Yeah, for reference the documentation is in https://www.itu.int/rec/dologin_pub.asp?lang=e&id=T-REC-T.416-199303-I!!PDF-E&type=items take a look at page 49 of 77 (confusingly numbered 41!) - unfortunately many interpretations forget about the second sub-parameter after the first one of 2 (or 3 or 4) and it isn't optional unless one is specifying a black which has all of the red, green and blue components as zero! Using a semi-colon as the sub-parameter separator is just so broken as it makes it so very hard to interpret an incoming code sequence...!

kurahaupo commented 2 years ago

(edited; sorry, the first semicolon was a typo) @SlySven Generally one gets eitherCSI 48 : 2 : colourspace : red : green : blue m or CSI 48 ; 2 ; red ; green ; blue m . That is, the colourspace slot depends on which separator is used.
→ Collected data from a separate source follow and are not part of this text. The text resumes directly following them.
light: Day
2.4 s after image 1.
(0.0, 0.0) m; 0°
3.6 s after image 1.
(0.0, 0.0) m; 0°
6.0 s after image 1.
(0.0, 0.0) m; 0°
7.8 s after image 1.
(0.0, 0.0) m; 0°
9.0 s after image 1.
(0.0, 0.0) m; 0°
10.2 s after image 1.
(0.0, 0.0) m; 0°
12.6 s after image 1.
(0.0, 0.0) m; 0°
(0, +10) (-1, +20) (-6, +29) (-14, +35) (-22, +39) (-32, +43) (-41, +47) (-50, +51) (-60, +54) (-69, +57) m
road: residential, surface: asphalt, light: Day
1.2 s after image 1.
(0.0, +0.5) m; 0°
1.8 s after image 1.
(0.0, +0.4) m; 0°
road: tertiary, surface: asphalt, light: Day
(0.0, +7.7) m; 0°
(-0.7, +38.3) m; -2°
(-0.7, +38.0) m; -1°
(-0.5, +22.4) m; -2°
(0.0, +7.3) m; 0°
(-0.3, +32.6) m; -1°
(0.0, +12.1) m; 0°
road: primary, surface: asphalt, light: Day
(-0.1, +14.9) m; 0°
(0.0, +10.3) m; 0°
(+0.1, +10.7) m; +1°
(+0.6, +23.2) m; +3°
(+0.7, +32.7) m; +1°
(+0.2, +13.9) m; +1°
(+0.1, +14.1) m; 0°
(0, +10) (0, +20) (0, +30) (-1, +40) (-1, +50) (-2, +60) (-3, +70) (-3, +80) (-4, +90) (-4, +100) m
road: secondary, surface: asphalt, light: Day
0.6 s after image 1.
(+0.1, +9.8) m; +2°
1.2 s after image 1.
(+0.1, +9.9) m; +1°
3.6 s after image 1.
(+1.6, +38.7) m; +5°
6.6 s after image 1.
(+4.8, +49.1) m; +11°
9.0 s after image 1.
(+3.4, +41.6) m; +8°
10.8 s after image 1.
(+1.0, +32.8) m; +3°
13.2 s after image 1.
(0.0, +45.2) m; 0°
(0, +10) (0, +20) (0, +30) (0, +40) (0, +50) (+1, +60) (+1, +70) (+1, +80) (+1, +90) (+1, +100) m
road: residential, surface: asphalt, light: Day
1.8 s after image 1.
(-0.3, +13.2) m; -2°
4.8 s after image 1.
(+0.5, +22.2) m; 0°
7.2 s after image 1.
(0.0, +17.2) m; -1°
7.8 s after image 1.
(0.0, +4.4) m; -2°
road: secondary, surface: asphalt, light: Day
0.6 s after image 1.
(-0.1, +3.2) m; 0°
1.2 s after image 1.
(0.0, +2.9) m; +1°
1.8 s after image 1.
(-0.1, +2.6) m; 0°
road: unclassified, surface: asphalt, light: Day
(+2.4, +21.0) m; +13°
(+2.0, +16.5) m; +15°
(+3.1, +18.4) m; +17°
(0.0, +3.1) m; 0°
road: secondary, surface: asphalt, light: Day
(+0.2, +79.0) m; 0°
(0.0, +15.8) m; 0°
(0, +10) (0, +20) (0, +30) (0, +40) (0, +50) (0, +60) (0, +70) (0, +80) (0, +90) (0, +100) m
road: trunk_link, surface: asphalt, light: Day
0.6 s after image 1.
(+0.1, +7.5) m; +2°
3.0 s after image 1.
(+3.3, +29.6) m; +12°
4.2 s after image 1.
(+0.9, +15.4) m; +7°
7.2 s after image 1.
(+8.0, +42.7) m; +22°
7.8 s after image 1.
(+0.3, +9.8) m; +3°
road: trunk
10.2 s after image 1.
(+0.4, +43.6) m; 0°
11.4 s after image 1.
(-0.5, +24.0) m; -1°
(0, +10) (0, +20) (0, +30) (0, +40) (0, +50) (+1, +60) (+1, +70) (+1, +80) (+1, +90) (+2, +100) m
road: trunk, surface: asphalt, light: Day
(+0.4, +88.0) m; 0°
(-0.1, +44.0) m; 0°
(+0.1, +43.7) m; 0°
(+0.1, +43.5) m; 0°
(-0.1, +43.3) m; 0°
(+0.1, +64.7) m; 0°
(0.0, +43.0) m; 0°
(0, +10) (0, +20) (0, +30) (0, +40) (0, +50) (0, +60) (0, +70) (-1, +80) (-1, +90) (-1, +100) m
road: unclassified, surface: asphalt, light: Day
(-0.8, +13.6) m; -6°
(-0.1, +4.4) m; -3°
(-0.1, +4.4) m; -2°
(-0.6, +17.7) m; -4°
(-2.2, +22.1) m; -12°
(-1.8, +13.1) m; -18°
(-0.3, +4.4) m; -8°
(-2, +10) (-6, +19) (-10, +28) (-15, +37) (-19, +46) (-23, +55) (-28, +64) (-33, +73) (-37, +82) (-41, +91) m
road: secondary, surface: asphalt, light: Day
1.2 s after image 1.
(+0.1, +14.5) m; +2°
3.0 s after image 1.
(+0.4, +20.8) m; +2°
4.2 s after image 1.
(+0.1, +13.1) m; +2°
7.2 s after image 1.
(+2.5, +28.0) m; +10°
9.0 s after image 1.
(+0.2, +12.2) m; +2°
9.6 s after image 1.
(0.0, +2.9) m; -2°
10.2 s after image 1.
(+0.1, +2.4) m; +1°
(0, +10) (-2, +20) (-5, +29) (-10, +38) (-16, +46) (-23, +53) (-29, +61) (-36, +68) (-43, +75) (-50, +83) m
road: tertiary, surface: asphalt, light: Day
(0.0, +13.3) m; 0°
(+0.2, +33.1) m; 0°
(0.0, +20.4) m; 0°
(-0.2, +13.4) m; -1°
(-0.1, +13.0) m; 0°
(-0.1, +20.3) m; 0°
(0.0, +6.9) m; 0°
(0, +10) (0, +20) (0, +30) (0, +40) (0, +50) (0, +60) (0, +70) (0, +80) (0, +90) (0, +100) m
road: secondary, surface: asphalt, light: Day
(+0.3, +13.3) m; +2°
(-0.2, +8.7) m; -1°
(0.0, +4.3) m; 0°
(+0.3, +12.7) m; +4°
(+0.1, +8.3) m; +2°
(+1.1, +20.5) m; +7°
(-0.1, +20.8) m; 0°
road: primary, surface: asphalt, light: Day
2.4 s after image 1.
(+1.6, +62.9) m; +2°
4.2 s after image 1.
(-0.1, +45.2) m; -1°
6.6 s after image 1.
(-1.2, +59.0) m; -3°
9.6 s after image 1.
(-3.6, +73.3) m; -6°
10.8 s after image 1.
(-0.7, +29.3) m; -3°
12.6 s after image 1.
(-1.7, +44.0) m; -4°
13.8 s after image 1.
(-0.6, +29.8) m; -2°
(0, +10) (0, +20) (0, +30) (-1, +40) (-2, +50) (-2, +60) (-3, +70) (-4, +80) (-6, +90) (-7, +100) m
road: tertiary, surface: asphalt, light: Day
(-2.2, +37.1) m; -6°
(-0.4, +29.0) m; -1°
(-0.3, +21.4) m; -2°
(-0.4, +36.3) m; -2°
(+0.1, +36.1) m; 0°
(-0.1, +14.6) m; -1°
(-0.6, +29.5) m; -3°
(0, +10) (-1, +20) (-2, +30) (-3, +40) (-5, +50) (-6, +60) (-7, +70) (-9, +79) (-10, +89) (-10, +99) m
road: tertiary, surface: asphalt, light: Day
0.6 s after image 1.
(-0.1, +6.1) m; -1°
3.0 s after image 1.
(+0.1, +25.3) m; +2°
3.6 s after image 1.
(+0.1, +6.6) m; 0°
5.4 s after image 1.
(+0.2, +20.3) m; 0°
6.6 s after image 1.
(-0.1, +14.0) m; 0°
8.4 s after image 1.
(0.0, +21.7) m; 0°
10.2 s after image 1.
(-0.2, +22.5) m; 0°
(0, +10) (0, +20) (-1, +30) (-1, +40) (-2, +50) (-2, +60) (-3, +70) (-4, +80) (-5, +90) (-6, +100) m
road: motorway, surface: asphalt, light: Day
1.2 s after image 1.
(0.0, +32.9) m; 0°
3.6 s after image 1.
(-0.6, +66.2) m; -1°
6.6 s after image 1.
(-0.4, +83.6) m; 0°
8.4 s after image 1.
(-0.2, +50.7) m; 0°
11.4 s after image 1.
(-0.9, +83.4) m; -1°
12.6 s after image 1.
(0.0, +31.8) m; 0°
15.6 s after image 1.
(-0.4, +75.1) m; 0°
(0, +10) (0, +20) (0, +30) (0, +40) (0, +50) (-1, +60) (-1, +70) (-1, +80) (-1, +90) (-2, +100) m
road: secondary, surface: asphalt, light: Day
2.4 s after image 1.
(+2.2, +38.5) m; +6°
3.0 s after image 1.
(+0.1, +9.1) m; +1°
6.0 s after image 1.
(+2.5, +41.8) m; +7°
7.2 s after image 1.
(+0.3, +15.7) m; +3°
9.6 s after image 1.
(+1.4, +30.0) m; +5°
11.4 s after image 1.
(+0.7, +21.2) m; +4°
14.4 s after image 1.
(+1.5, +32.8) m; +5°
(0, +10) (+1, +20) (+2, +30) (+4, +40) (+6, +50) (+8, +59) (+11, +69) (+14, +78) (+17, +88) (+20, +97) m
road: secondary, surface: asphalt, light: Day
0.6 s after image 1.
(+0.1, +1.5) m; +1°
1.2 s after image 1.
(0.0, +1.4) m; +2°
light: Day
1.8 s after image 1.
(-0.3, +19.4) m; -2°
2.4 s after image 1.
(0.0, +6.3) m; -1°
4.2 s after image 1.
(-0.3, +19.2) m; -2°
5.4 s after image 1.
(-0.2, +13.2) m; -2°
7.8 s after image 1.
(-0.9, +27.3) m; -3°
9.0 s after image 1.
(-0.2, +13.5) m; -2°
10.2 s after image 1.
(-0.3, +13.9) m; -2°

The terminals that use : tend to stick more closely to the IEC spec, while those that use ; tend to omit the colourspace & "unnecessary" values.

So in practice, one can read a semicolon-separated sequence simply by looking at each element to determine how many additional elements to consume:

I grant you that this isn't particularly robust, as it will fail if a new colourspace is introduced with a new code. But if I had to guess, I'd speculate that the next colourspace to be added would be RGBA, so it's probably reasonable to assume that an unknown colourspace takes 4 elements.

mintty commented 2 years ago

There is no hybrid syntax (neither specified nor legacy) where the first separator would be ; and the others : Standard syntax is colon-only, and you would need to swallow as many sub-parameters as are separated with colons, whether their number fits the type or not. Heuristics would apply to legacy semicolon syntax only.